• [Task to carry out]: Please restate every line below exactly, without any pictures.

Data excerpts:
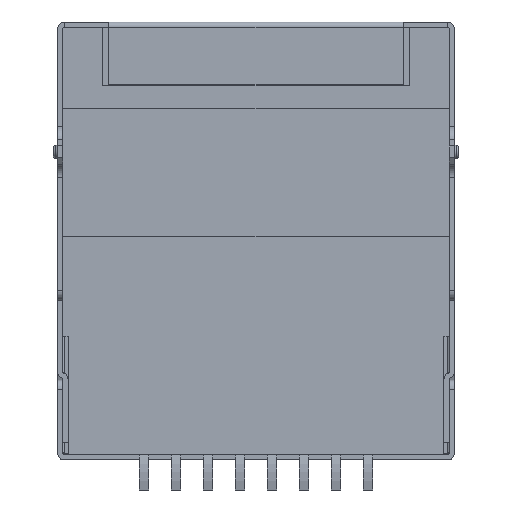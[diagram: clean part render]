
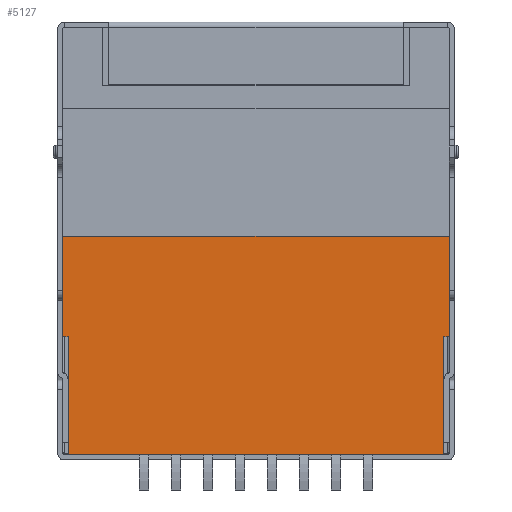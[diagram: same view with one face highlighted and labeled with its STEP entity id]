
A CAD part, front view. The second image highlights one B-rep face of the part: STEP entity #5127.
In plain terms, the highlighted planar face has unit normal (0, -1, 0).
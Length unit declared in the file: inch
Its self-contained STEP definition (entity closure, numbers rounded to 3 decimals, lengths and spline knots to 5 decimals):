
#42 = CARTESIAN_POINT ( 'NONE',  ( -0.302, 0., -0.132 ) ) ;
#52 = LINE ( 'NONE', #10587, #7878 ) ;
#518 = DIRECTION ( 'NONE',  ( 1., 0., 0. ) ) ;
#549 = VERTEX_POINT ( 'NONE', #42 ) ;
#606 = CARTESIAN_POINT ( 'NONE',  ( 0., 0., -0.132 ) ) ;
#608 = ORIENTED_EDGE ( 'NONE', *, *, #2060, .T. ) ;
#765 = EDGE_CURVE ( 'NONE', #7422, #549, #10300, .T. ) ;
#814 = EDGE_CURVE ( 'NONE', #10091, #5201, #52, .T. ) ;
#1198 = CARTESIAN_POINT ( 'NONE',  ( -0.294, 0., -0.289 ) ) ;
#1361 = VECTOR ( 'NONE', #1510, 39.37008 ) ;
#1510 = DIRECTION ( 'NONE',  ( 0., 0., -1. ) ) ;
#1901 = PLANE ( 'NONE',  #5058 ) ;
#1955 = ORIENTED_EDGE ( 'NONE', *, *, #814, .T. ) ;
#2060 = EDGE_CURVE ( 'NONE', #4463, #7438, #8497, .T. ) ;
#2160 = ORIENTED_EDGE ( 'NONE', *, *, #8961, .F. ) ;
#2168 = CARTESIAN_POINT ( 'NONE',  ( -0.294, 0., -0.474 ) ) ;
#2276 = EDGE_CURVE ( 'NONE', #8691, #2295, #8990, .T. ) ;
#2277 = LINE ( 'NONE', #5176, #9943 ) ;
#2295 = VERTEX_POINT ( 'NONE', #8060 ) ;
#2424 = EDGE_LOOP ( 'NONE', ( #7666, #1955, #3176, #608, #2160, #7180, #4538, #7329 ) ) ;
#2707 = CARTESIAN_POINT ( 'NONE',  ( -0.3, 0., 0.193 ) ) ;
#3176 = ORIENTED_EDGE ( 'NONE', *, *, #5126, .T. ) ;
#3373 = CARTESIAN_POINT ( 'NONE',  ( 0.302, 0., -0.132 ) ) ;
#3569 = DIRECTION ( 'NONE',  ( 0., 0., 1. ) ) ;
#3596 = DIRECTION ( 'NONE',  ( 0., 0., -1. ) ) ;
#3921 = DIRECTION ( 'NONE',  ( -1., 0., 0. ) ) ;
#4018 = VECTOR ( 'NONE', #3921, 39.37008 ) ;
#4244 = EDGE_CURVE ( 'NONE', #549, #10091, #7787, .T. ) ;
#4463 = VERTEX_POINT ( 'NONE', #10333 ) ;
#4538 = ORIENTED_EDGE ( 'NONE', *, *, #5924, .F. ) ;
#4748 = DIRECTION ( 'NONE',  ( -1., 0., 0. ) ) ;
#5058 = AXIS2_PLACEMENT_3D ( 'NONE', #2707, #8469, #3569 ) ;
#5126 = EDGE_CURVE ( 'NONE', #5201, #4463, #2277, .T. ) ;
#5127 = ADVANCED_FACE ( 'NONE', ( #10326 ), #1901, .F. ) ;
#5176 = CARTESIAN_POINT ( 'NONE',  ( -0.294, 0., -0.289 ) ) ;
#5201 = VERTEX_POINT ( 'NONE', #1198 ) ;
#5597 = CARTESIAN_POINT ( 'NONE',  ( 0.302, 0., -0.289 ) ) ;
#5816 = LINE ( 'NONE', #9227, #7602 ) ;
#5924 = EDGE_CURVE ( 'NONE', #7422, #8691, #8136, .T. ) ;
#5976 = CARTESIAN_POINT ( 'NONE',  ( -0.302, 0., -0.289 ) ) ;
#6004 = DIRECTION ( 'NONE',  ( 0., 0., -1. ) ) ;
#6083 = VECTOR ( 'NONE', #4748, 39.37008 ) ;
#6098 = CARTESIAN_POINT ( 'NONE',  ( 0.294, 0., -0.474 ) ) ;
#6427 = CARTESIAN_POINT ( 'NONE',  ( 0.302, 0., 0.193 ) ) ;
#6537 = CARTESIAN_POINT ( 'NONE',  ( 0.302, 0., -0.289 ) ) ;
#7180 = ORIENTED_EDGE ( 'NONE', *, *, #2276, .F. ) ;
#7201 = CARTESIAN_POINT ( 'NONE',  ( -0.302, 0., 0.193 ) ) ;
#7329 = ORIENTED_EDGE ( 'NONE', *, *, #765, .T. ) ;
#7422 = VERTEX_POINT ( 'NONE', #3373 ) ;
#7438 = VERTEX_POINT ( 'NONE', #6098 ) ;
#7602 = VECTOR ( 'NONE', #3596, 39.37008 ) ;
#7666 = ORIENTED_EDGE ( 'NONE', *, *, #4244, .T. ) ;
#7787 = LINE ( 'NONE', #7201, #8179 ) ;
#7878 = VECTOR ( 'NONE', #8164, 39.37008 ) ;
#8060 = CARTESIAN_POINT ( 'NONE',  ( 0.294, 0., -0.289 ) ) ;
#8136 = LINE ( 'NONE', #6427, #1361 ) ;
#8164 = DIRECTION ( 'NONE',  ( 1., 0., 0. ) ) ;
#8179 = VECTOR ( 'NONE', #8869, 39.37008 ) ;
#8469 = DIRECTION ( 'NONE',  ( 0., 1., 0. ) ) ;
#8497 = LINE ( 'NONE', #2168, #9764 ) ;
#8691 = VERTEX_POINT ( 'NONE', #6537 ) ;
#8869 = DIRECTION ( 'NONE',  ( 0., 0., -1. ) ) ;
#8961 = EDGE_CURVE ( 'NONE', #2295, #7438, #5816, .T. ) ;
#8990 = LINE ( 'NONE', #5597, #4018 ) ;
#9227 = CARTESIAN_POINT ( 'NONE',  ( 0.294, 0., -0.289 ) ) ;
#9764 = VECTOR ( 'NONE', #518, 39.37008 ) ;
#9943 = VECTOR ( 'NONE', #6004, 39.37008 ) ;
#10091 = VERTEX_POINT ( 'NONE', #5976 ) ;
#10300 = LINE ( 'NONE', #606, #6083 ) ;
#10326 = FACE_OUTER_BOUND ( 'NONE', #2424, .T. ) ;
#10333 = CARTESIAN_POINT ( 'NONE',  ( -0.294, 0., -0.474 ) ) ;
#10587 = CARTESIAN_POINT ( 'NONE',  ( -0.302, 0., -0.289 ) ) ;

• [Task output]:
[diagram: clean part render]
[diagram: same view with one face highlighted and labeled with its STEP entity id]
A CAD part, front view. The second image highlights one B-rep face of the part: STEP entity #5127.
In plain terms, the highlighted planar face has unit normal (0, -1, 0).
Length unit declared in the file: inch
Its self-contained STEP definition (entity closure, numbers rounded to 3 decimals, lengths and spline knots to 5 decimals):
#42 = CARTESIAN_POINT ( 'NONE',  ( -0.302, 0., -0.132 ) ) ;
#52 = LINE ( 'NONE', #10587, #7878 ) ;
#518 = DIRECTION ( 'NONE',  ( 1., 0., 0. ) ) ;
#549 = VERTEX_POINT ( 'NONE', #42 ) ;
#606 = CARTESIAN_POINT ( 'NONE',  ( 0., 0., -0.132 ) ) ;
#608 = ORIENTED_EDGE ( 'NONE', *, *, #2060, .T. ) ;
#765 = EDGE_CURVE ( 'NONE', #7422, #549, #10300, .T. ) ;
#814 = EDGE_CURVE ( 'NONE', #10091, #5201, #52, .T. ) ;
#1198 = CARTESIAN_POINT ( 'NONE',  ( -0.294, 0., -0.289 ) ) ;
#1361 = VECTOR ( 'NONE', #1510, 39.37008 ) ;
#1510 = DIRECTION ( 'NONE',  ( 0., 0., -1. ) ) ;
#1901 = PLANE ( 'NONE',  #5058 ) ;
#1955 = ORIENTED_EDGE ( 'NONE', *, *, #814, .T. ) ;
#2060 = EDGE_CURVE ( 'NONE', #4463, #7438, #8497, .T. ) ;
#2160 = ORIENTED_EDGE ( 'NONE', *, *, #8961, .F. ) ;
#2168 = CARTESIAN_POINT ( 'NONE',  ( -0.294, 0., -0.474 ) ) ;
#2276 = EDGE_CURVE ( 'NONE', #8691, #2295, #8990, .T. ) ;
#2277 = LINE ( 'NONE', #5176, #9943 ) ;
#2295 = VERTEX_POINT ( 'NONE', #8060 ) ;
#2424 = EDGE_LOOP ( 'NONE', ( #7666, #1955, #3176, #608, #2160, #7180, #4538, #7329 ) ) ;
#2707 = CARTESIAN_POINT ( 'NONE',  ( -0.3, 0., 0.193 ) ) ;
#3176 = ORIENTED_EDGE ( 'NONE', *, *, #5126, .T. ) ;
#3373 = CARTESIAN_POINT ( 'NONE',  ( 0.302, 0., -0.132 ) ) ;
#3569 = DIRECTION ( 'NONE',  ( 0., 0., 1. ) ) ;
#3596 = DIRECTION ( 'NONE',  ( 0., 0., -1. ) ) ;
#3921 = DIRECTION ( 'NONE',  ( -1., 0., 0. ) ) ;
#4018 = VECTOR ( 'NONE', #3921, 39.37008 ) ;
#4244 = EDGE_CURVE ( 'NONE', #549, #10091, #7787, .T. ) ;
#4463 = VERTEX_POINT ( 'NONE', #10333 ) ;
#4538 = ORIENTED_EDGE ( 'NONE', *, *, #5924, .F. ) ;
#4748 = DIRECTION ( 'NONE',  ( -1., 0., 0. ) ) ;
#5058 = AXIS2_PLACEMENT_3D ( 'NONE', #2707, #8469, #3569 ) ;
#5126 = EDGE_CURVE ( 'NONE', #5201, #4463, #2277, .T. ) ;
#5127 = ADVANCED_FACE ( 'NONE', ( #10326 ), #1901, .F. ) ;
#5176 = CARTESIAN_POINT ( 'NONE',  ( -0.294, 0., -0.289 ) ) ;
#5201 = VERTEX_POINT ( 'NONE', #1198 ) ;
#5597 = CARTESIAN_POINT ( 'NONE',  ( 0.302, 0., -0.289 ) ) ;
#5816 = LINE ( 'NONE', #9227, #7602 ) ;
#5924 = EDGE_CURVE ( 'NONE', #7422, #8691, #8136, .T. ) ;
#5976 = CARTESIAN_POINT ( 'NONE',  ( -0.302, 0., -0.289 ) ) ;
#6004 = DIRECTION ( 'NONE',  ( 0., 0., -1. ) ) ;
#6083 = VECTOR ( 'NONE', #4748, 39.37008 ) ;
#6098 = CARTESIAN_POINT ( 'NONE',  ( 0.294, 0., -0.474 ) ) ;
#6427 = CARTESIAN_POINT ( 'NONE',  ( 0.302, 0., 0.193 ) ) ;
#6537 = CARTESIAN_POINT ( 'NONE',  ( 0.302, 0., -0.289 ) ) ;
#7180 = ORIENTED_EDGE ( 'NONE', *, *, #2276, .F. ) ;
#7201 = CARTESIAN_POINT ( 'NONE',  ( -0.302, 0., 0.193 ) ) ;
#7329 = ORIENTED_EDGE ( 'NONE', *, *, #765, .T. ) ;
#7422 = VERTEX_POINT ( 'NONE', #3373 ) ;
#7438 = VERTEX_POINT ( 'NONE', #6098 ) ;
#7602 = VECTOR ( 'NONE', #3596, 39.37008 ) ;
#7666 = ORIENTED_EDGE ( 'NONE', *, *, #4244, .T. ) ;
#7787 = LINE ( 'NONE', #7201, #8179 ) ;
#7878 = VECTOR ( 'NONE', #8164, 39.37008 ) ;
#8060 = CARTESIAN_POINT ( 'NONE',  ( 0.294, 0., -0.289 ) ) ;
#8136 = LINE ( 'NONE', #6427, #1361 ) ;
#8164 = DIRECTION ( 'NONE',  ( 1., 0., 0. ) ) ;
#8179 = VECTOR ( 'NONE', #8869, 39.37008 ) ;
#8469 = DIRECTION ( 'NONE',  ( 0., 1., 0. ) ) ;
#8497 = LINE ( 'NONE', #2168, #9764 ) ;
#8691 = VERTEX_POINT ( 'NONE', #6537 ) ;
#8869 = DIRECTION ( 'NONE',  ( 0., 0., -1. ) ) ;
#8961 = EDGE_CURVE ( 'NONE', #2295, #7438, #5816, .T. ) ;
#8990 = LINE ( 'NONE', #5597, #4018 ) ;
#9227 = CARTESIAN_POINT ( 'NONE',  ( 0.294, 0., -0.289 ) ) ;
#9764 = VECTOR ( 'NONE', #518, 39.37008 ) ;
#9943 = VECTOR ( 'NONE', #6004, 39.37008 ) ;
#10091 = VERTEX_POINT ( 'NONE', #5976 ) ;
#10300 = LINE ( 'NONE', #606, #6083 ) ;
#10326 = FACE_OUTER_BOUND ( 'NONE', #2424, .T. ) ;
#10333 = CARTESIAN_POINT ( 'NONE',  ( -0.294, 0., -0.474 ) ) ;
#10587 = CARTESIAN_POINT ( 'NONE',  ( -0.302, 0., -0.289 ) ) ;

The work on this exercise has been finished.